UK firms embrace ISO 27001 security standard

Bob Tarzey: ISO 27001 is an easy thing to commit to, but a hard thing to complete

Security vendors have been quick to suggest that UK organisations are jeopardising IT security and compliance by not implementing effective data loss prevention policies.

But statistics show that the UK is actually way ahead of its US and European rivals in achieving ISO 27001 certification.

The ISO 27001 family of standards provides an internationally recognised model for the implementation of effective information security management system (ISMS) within an organisation.

It is widely touted as a data security framework against which companies can check the trustworthiness of suppliers, business partners, customers and vendors when exchanging sensitive information.

According to the international register of ISMS certificates, 444 UK companies have achieved ISO 27001 certification so far, lagging only behind Japan and India, and way ahead of Germany (137) and the US (96).

The number of companies to have achieved certification globally is 6,443, though Japan has a staggering 3,499 of that total.

Yet despite the strong indication that UK organisations are by far the most proactive supporters of ISO 27001 certification in the western hemisphere, various surveys insist that UK companies are struggling to implement compliance policies in support of the standard.

Research based on 270 interviews with senior IT staff published in April this year, conducted by Quocirca and commissioned by CA, concluded that UK IT departments were struggling to deal with ISO 27001 compliance issues, for example.

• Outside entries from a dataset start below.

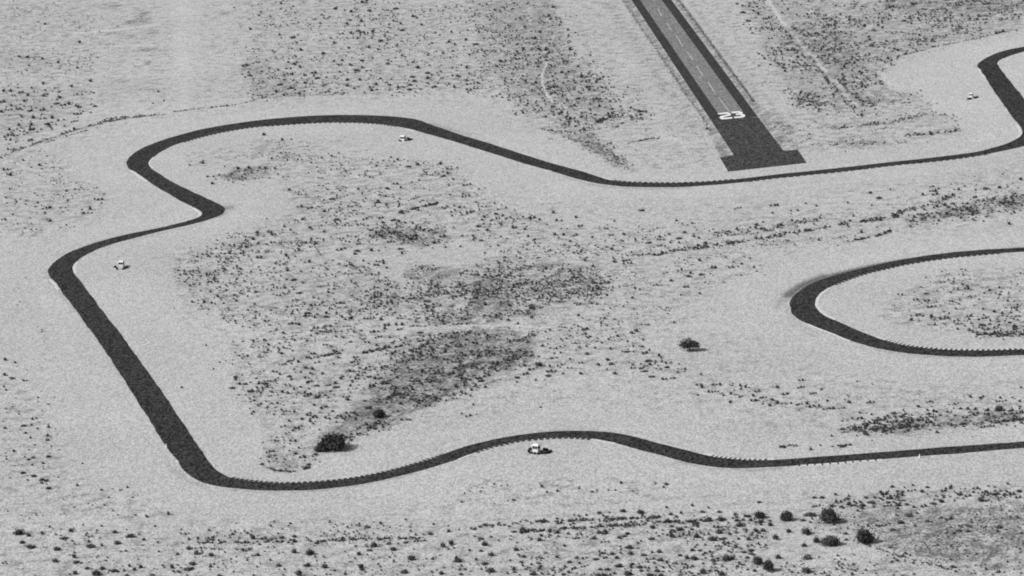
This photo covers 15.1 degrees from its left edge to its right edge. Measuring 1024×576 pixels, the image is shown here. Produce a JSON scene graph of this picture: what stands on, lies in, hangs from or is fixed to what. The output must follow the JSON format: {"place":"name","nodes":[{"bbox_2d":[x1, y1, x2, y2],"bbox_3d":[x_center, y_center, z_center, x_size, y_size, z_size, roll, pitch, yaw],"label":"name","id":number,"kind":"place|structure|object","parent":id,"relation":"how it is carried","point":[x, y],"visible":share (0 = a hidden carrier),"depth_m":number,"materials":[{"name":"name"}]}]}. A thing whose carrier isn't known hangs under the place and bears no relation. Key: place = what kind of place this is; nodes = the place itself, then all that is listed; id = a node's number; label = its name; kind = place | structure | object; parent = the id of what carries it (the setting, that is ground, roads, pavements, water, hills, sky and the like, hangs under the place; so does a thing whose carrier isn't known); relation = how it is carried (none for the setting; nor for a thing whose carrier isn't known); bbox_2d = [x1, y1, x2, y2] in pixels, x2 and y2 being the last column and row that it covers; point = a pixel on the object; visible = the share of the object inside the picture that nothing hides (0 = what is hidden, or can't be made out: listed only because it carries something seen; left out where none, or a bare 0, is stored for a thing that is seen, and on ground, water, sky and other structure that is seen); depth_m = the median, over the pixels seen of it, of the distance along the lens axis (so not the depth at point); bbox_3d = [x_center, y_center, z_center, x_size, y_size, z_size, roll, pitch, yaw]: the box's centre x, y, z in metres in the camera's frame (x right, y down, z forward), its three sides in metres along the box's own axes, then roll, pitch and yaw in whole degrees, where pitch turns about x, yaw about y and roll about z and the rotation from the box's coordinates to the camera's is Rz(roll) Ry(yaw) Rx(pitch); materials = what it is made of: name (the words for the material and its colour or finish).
{"place":"outdoors","nodes":[
{"label":"outdoors","id":0,"kind":"place"},
{"bbox_2d":[0,0,1023,575],"bbox_3d":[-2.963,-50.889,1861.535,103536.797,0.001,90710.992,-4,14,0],"label":"ground","id":1,"kind":"structure","parent":0,"point":[742,324],"depth_m":1648.51,"materials":[{"name":"grey sand"}]},
{"bbox_2d":[14,527,24,534],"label":"desert bush","id":2,"kind":"object","parent":1,"relation":"on","point":[18,532],"visible":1,"depth_m":1337.51,"materials":[{"name":"grey plant"}]},
{"bbox_2d":[24,543,36,549],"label":"desert bush","id":3,"kind":"object","parent":1,"relation":"on","point":[30,546],"visible":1,"depth_m":1321.26,"materials":[{"name":"grey plant"}]},
{"bbox_2d":[86,542,94,547],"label":"desert bush","id":4,"kind":"object","parent":1,"relation":"on","point":[90,545],"visible":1,"depth_m":1317.79,"materials":[{"name":"grey plant"}]},
{"bbox_2d":[91,569,100,575],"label":"desert bush","id":5,"kind":"object","parent":1,"relation":"on","point":[96,572],"visible":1,"depth_m":1286.55,"materials":[{"name":"grey plant"}]},
{"bbox_2d":[118,261,124,266],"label":"marshal hut","id":6,"kind":"object","parent":1,"relation":"on","point":[121,264],"visible":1,"depth_m":1732.45,"materials":[{"name":"grey metal"}]},
{"bbox_2d":[183,566,193,570],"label":"desert bush","id":7,"kind":"object","parent":1,"relation":"on","point":[189,568],"visible":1,"depth_m":1286.27,"materials":[{"name":"grey plant"}]},
{"bbox_2d":[305,547,314,554],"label":"desert bush","id":8,"kind":"object","parent":1,"relation":"on","point":[309,552],"visible":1,"depth_m":1294.70,"materials":[{"name":"grey plant"}]},
{"bbox_2d":[313,441,327,452],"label":"desert tree","id":9,"kind":"object","parent":1,"relation":"on","point":[320,448],"visible":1,"depth_m":1416.67,"materials":[{"name":"grey plant"}]},
{"bbox_2d":[317,431,349,451],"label":"desert tree","id":10,"kind":"object","parent":1,"relation":"on","point":[335,442],"visible":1,"depth_m":1417.45,"materials":[{"name":"black plant"}]},
{"bbox_2d":[370,540,377,547],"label":"desert bush","id":11,"kind":"object","parent":1,"relation":"on","point":[373,543],"visible":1,"depth_m":1298.72,"materials":[{"name":"grey plant"}]},
{"bbox_2d":[371,407,386,417],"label":"desert tree","id":12,"kind":"object","parent":1,"relation":"on","point":[379,413],"visible":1,"depth_m":1458.30,"materials":[{"name":"grey plant"}]},
{"bbox_2d":[399,135,405,140],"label":"marshal hut","id":13,"kind":"object","parent":1,"relation":"on","point":[402,137],"visible":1,"depth_m":1975.11,"materials":[{"name":"grey metal"}]},
{"bbox_2d":[407,554,415,560],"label":"desert bush","id":14,"kind":"object","parent":1,"relation":"on","point":[410,557],"visible":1,"depth_m":1282.31,"materials":[{"name":"grey plant"}]},
{"bbox_2d":[453,558,463,561],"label":"desert bush","id":15,"kind":"object","parent":1,"relation":"on","point":[457,560],"visible":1,"depth_m":1276.94,"materials":[{"name":"grey plant"}]},
{"bbox_2d":[485,566,493,572],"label":"desert bush","id":16,"kind":"object","parent":1,"relation":"on","point":[489,570],"visible":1,"depth_m":1264.36,"materials":[{"name":"grey plant"}]},
{"bbox_2d":[0,0,1023,575],"bbox_3d":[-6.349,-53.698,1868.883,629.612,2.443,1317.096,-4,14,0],"label":"desert scrub","id":17,"kind":"object","parent":1,"relation":"on","point":[564,284],"visible":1,"depth_m":1659.82,"materials":[{"name":"grey plant"}]},
{"bbox_2d":[531,443,541,452],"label":"marshal hut","id":18,"kind":"object","parent":1,"relation":"on","point":[536,448],"visible":1,"depth_m":1399.33,"materials":[{"name":"grey metal"}]},
{"bbox_2d":[594,572,607,575],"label":"desert bush","id":19,"kind":"object","parent":1,"relation":"on","point":[600,574],"visible":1,"depth_m":1253.49,"materials":[{"name":"grey plant"}]},
{"bbox_2d":[623,570,632,575],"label":"desert bush","id":20,"kind":"object","parent":1,"relation":"on","point":[627,572],"visible":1,"depth_m":1252.30,"materials":[{"name":"grey plant"}]},
{"bbox_2d":[678,337,699,350],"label":"desert tree","id":21,"kind":"object","parent":1,"relation":"on","point":[688,343],"visible":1,"depth_m":1526.45,"materials":[{"name":"grey plant"}]},
{"bbox_2d":[699,568,706,573],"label":"desert bush","id":22,"kind":"object","parent":1,"relation":"on","point":[702,571],"visible":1,"depth_m":1249.22,"materials":[{"name":"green plant"}]},
{"bbox_2d":[706,536,716,540],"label":"desert bush","id":23,"kind":"object","parent":1,"relation":"on","point":[711,538],"visible":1,"depth_m":1283.26,"materials":[{"name":"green plant"}]},
{"bbox_2d":[632,0,805,171],"bbox_3d":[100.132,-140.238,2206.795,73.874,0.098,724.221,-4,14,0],"label":"runway","id":24,"kind":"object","parent":1,"relation":"on","point":[748,138],"visible":1,"depth_m":2048.13,"materials":[{"name":"grey asphalt"}]},
{"bbox_2d":[720,553,734,560],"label":"desert bush","id":25,"kind":"object","parent":1,"relation":"on","point":[726,557],"visible":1,"depth_m":1261.48,"materials":[{"name":"grey plant"}]},
{"bbox_2d":[752,553,763,563],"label":"desert tree","id":26,"kind":"object","parent":1,"relation":"on","point":[757,560],"visible":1,"depth_m":1255.46,"materials":[{"name":"grey plant"}]},
{"bbox_2d":[754,510,765,517],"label":"desert tree","id":27,"kind":"object","parent":1,"relation":"on","point":[758,514],"visible":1,"depth_m":1304.35,"materials":[{"name":"grey plant"}]},
{"bbox_2d":[763,558,774,570],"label":"desert tree","id":28,"kind":"object","parent":1,"relation":"on","point":[769,565],"visible":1,"depth_m":1247.12,"materials":[{"name":"grey plant"}]},
{"bbox_2d":[779,509,792,520],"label":"desert tree","id":29,"kind":"object","parent":1,"relation":"on","point":[786,515],"visible":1,"depth_m":1299.64,"materials":[{"name":"grey plant"}]},
{"bbox_2d":[800,526,811,534],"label":"desert bush","id":30,"kind":"object","parent":1,"relation":"on","point":[806,530],"visible":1,"depth_m":1284.04,"materials":[{"name":"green plant"}]},
{"bbox_2d":[801,553,810,559],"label":"desert bush","id":31,"kind":"object","parent":1,"relation":"on","point":[806,557],"visible":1,"depth_m":1257.60,"materials":[{"name":"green plant"}]},
{"bbox_2d":[801,565,811,573],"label":"desert bush","id":32,"kind":"object","parent":1,"relation":"on","point":[805,569],"visible":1,"depth_m":1243.96,"materials":[{"name":"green plant"}]},
{"bbox_2d":[803,512,815,516],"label":"desert bush","id":33,"kind":"object","parent":1,"relation":"on","point":[810,514],"visible":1,"depth_m":1303.60,"materials":[{"name":"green plant"}]},
{"bbox_2d":[812,535,819,542],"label":"desert bush","id":34,"kind":"object","parent":1,"relation":"on","point":[816,539],"visible":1,"depth_m":1274.14,"materials":[{"name":"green plant"}]},
{"bbox_2d":[818,502,840,523],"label":"desert tree","id":35,"kind":"object","parent":1,"relation":"on","point":[830,515],"visible":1,"depth_m":1294.27,"materials":[{"name":"grey plant"}]},
{"bbox_2d":[819,535,840,545],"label":"desert tree","id":36,"kind":"object","parent":1,"relation":"on","point":[829,540],"visible":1,"depth_m":1270.01,"materials":[{"name":"grey plant"}]},
{"bbox_2d":[854,526,877,543],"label":"desert tree","id":37,"kind":"object","parent":1,"relation":"on","point":[865,536],"visible":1,"depth_m":1270.12,"materials":[{"name":"black plant"}]},
{"bbox_2d":[994,404,1002,410],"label":"desert bush","id":38,"kind":"object","parent":1,"relation":"on","point":[997,408],"visible":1,"depth_m":1415.82,"materials":[{"name":"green plant"}]},
{"bbox_2d":[48,47,1023,490],"bbox_3d":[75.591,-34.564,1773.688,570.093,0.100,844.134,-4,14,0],"label":"race track","id":39,"kind":"structure","parent":0,"point":[176,437],"depth_m":1629.30,"materials":[{"name":"grey asphalt"}]},
{"bbox_2d":[49,279,59,289],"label":"track kerb","id":40,"kind":"structure","parent":39,"relation":"on","point":[55,285],"depth_m":1706.34,"materials":[{"name":"white paint"}]},
{"bbox_2d":[73,262,78,273],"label":"track kerb","id":41,"kind":"structure","parent":39,"relation":"on","point":[75,268],"depth_m":1736.10,"materials":[{"name":"white paint"}]},
{"bbox_2d":[129,170,147,180],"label":"track kerb","id":42,"kind":"structure","parent":39,"relation":"on","point":[138,175],"depth_m":1929.49,"materials":[{"name":"white paint"}]},
{"bbox_2d":[192,208,201,216],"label":"track kerb","id":43,"kind":"structure","parent":39,"relation":"on","point":[199,212],"depth_m":1836.74,"materials":[{"name":"white paint"}]},
{"bbox_2d":[195,122,396,138],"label":"track kerb","id":44,"kind":"structure","parent":39,"relation":"on","point":[308,123],"depth_m":2032.73,"materials":[{"name":"white paint"}]},
{"bbox_2d":[232,453,442,482],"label":"track kerb","id":45,"kind":"structure","parent":39,"relation":"on","point":[343,478],"depth_m":1385.29,"materials":[{"name":"white paint"}]},
{"bbox_2d":[476,437,590,452],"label":"track kerb","id":46,"kind":"structure","parent":39,"relation":"on","point":[530,440],"depth_m":1413.90,"materials":[{"name":"white paint"}]},
{"bbox_2d":[613,179,732,182],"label":"track kerb","id":47,"kind":"structure","parent":39,"relation":"on","point":[668,182],"depth_m":1838.87,"materials":[{"name":"white paint"}]},
{"bbox_2d":[712,455,766,459],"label":"track kerb","id":48,"kind":"structure","parent":39,"relation":"on","point":[738,458],"depth_m":1376.08,"materials":[{"name":"white paint"}]},
{"bbox_2d":[799,459,882,466],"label":"track kerb","id":49,"kind":"structure","parent":39,"relation":"on","point":[841,462],"depth_m":1363.04,"materials":[{"name":"white paint"}]},
{"bbox_2d":[748,154,987,181],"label":"track kerb","id":50,"kind":"structure","parent":39,"relation":"on","point":[871,168],"depth_m":1841.73,"materials":[{"name":"white paint"}]},
{"bbox_2d":[1016,124,1021,137],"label":"track kerb","id":51,"kind":"structure","parent":39,"relation":"on","point":[1020,130],"depth_m":1907.01,"materials":[{"name":"white paint"}]},
{"bbox_2d":[789,247,1023,356],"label":"race track","id":52,"kind":"structure","parent":0,"point":[803,307],"depth_m":1572.18,"materials":[{"name":"grey asphalt"}]},
{"bbox_2d":[815,288,836,319],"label":"track kerb","id":53,"kind":"structure","parent":52,"relation":"on","point":[817,306],"depth_m":1588.66,"materials":[{"name":"white paint"}]},
{"bbox_2d":[807,324,850,340],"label":"track kerb","id":54,"kind":"structure","parent":52,"relation":"on","point":[828,332],"depth_m":1542.92,"materials":[{"name":"white paint"}]},
{"bbox_2d":[835,253,999,284],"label":"track kerb","id":55,"kind":"structure","parent":52,"relation":"on","point":[908,264],"depth_m":1646.34,"materials":[{"name":"white paint"}]},
{"bbox_2d":[886,340,1023,349],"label":"track kerb","id":56,"kind":"structure","parent":52,"relation":"on","point":[950,348],"depth_m":1507.43,"materials":[{"name":"white paint"}]}
]}

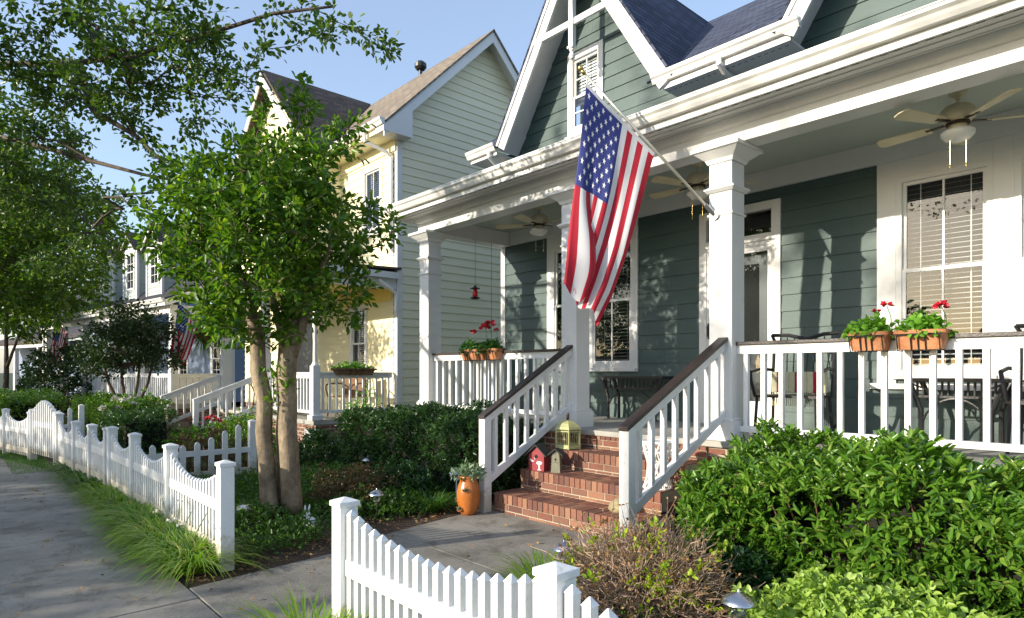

So why the discrepancy and what, if anything, appears to make UK companies recognise the value of ISO 27001 certification more than so many organisations in other countries? Are security software and service vendors overstating the case in a bid to keep their own sales people busy and their revenue stream healthy?

Stuart Bonell is associate consultant at consultancy BroadGroup, which recently published a report into the data security issues affecting datacentre providers, which found that ISO 27001 certifications represented the most popular approach to security management in this sector. He thinks that ISMS register numbers sound low, and suspects there are more companies with ISO 27001 certification than are on the register.

“It did start out as a British standard, which could be one reason why it is more popular here, while the US equivalent is the statement on auditing standards (SAS) 70 type II standard – lots of datacentre companies have them both now,” Bonell says.

And Quocirca analyst Bob Tarzey says that there is big difference between committing to ISO certification and actually achieving the necessary controls.

“ISO 27001 is an easy thing to commit to, but a hard thing to complete. Lots of the controls are optional, and it is just not enough to guarantee information security management just by saying you have adopted it,” he says.

“You have to look at exactly what the organisation has achieved in attaining that certification – it could be two firms who have committed to it, but one is much further down the road than the other.”

The ISO does not carry out certification checks itself, but approves third party consultancy firms to carry out appropriate checks before certification is awarded.

Andrew Kellet, senior analyst at research company Ovum, says software vendors will always argue that compliance for standards like ISO 27001 or PCI-DSS needs to be higher.

“There is always a case of vendors pushing the limit saying ‘This is a requirement, this is what you should be doing, you need this’, and takeup is never going to be enough from their perspective. At the end of the day, it is a selling tool,” he says.

That’s not to say there isn’t a strong argument for ISO 27001 accreditation among some, but not all, UK organisations.

Accountancy and audit company PricewaterhouseCoopers recently estimated that 40 per cent of large organisations are being asked to demonstrate compliance with the standard.

“ISO 27001 is pretty much now accepted as a worldwide base level standard for security outside of government,” says Bonell.

“The Financial Services Authority (FSA) references it as do other regulatory bodies, and if you have done ISO 27001 you are well on the way to achieving other standards for specific regulations.”

Nathan Jamieson is information security officer at the GB Group, a UK company that specialises in identity management, not just to combat ID fraud, money laundering and under-age gambling, but also to aid identity based marketing and CRM strategies. Its customers include the Co-operative Bank, mobile operator O2, fashion retailer Laura Ashley and utility company Severn Trent water.

“ISO 27001 provides a commonality of language that is beneficial to us, and the framework is publicly available. We need to provide an element of trust for our clients, and considered ISO 27001 as the de facto standard,” he says.

“It is an effective barometer of where you are, and has certainly opened doors in government departments and financial organisations that would otherwise have been closed to us.”

Prior to achieving ISO 27001 certification earlier this month, GB Group had been undergoing 50-70 information security audits a year, including those from data suppliers and prospective and existing customers.

“The natural step was for us to provide independent assurance that is always only six months old [ISO 27001 certification can be assessed once or twice a year, followed by a full audit every three years],” says Jamieson.